Partial Soft-Matching Distance for Neural Representational Comparison with Partial Unit Correspondence

TL;DR

Partial soft-matching provides a principled and practical method for representational comparison under partial correspondence and achieves higher alignment precision across homologous brain areas than standard soft-matching, which is forced to match all units regardless of quality.

Abstract

Representational similarity metrics typically force all units to be matched, making them susceptible to noise and outliers common in neural representations. We extend the soft-matching distance to a partial optimal transport setting that allows some neurons to remain unmatched, yielding rotation-sensitive but robust correspondences.
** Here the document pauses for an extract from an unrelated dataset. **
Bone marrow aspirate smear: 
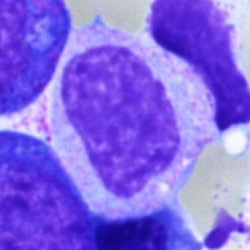Myelocyte.

This partial soft-matching distance provides theoretical advantages -- relaxing strict mass conservation while maintaining interpretable transport costs -- and practical benefits through efficient neuron ranking in terms of cross-network alignment without costly iterative recomputation. In simulations, it preserves correct matches under outliers and reliably selects the correct model in noise-corrupted identification tasks. On fMRI data, it automatically excludes low-reliability voxels and produces voxel rankings by alignment quality that closely match computationally expensive brute-force approaches. It achieves higher alignment precision across homologous brain areas than standard soft-matching, which is forced to match all units regardless of quality. In deep networks, highly matched units exhibit similar maximally exciting images, while unmatched units show divergent patterns. This ability to partition by match quality enables focused analyses, e.g., testing whether networks have privileged axes even within their most aligned subpopulations. Overall, partial soft-matching provides a principled and practical method for representational comparison under partial correspondence.

Figures (12)

• Figure 1: Partial Soft-Matching Distance for Matching Tuning Curves.(A) Two toy networks $N_A$ and $N_B$; the layer of interest for alignment is shown in red. A partial matching recovers one-to-one correspondences between units with highly similar tuning curves. Line color encodes match strength (darker = stronger). By contrast, a purely soft-matching yields a spurious pair (hatched units, red dotted line). (B) The same metric can be used to rank voxel/unit tuning-curve similarity between two subjects’ responses $\{\bm{r}_1, \bm{r}_2\}$, when exposed to the same visual stimulus.
• Figure 2: Comparison of Balanced and Partial Soft-Matching.(a) We simulate two neural representations, $\bm{X}$ and $\bm{Y}$, with 120 and 190 neurons respectively. The first 100 neurons represent pure signal, while the rest are pure noise. Red denotes all pure signal neurons in the two representations. (b) The L-curve method selects the optimal mass regularization parameter $(=90/190\approx 0.47)$, successfully discarding noisy units.
• Figure 3: Model Selection Using Partial Soft-Matching. We simulate three synthetic representations to test whether partial soft-matching correctly identifies which of two candidate models---$\bm{Y}_a$ or $\bm{Y}_b$---shares more signal with a reference population $\bm{X}$ (100 units). $\bm{Y}_a$ contains all 100 signal units from $\bm{X}$ plus 60 noise units; $\bm{Y}_b$ contains 100 units, 80 of which match $\bm{X}$. The true fraction of shared units is known a priori, marked by a vertical gray line. With the L-curve-selected regularization, partial soft-matching yields correlation scores $s_{\mathrm{partial}}(\bm{X}, \bm{Y}_a)=0.715$ and $s_{\mathrm{partial}}(\bm{X}, \bm{Y}_b)=0.645$, correctly favoring $\bm{Y}_a$. Standard soft-matching fails, with $s_{\mathrm{sm}}(\bm{X}, \bm{Y}_a) = 0.339$ and $s_{\mathrm{sm}}(\bm{X}, \bm{Y}_b) = 0.415$, incorrectly preferring $\bm{Y}_b$ due to forced matching of noise.
• Figure 4: Aligning Voxel Responses Between Different Subjects in NSD. For each area, we plot the (i) partial soft-matching score at different mass regularization values and (ii) the mean noise ceilings of the voxels that were kept at that regularization. The alignment criterion consistently identifies low noise-ceiling voxels for exclusion.
• Figure 5: Evaluating Methods for Identifying (Un)matched Neurons in Deep Networks. We compare three methods for ranking convolutional kernels by alignment between two ResNet-$18$ models trained from different random initializations on ImageNet, across early, middle, and late layers. Removing low-alignment units identified by partial soft-matching yields alignment scores nearly identical to those obtained by removing kernels ranked least important via brute-force ablations, while correlation-based rankings perform poorly.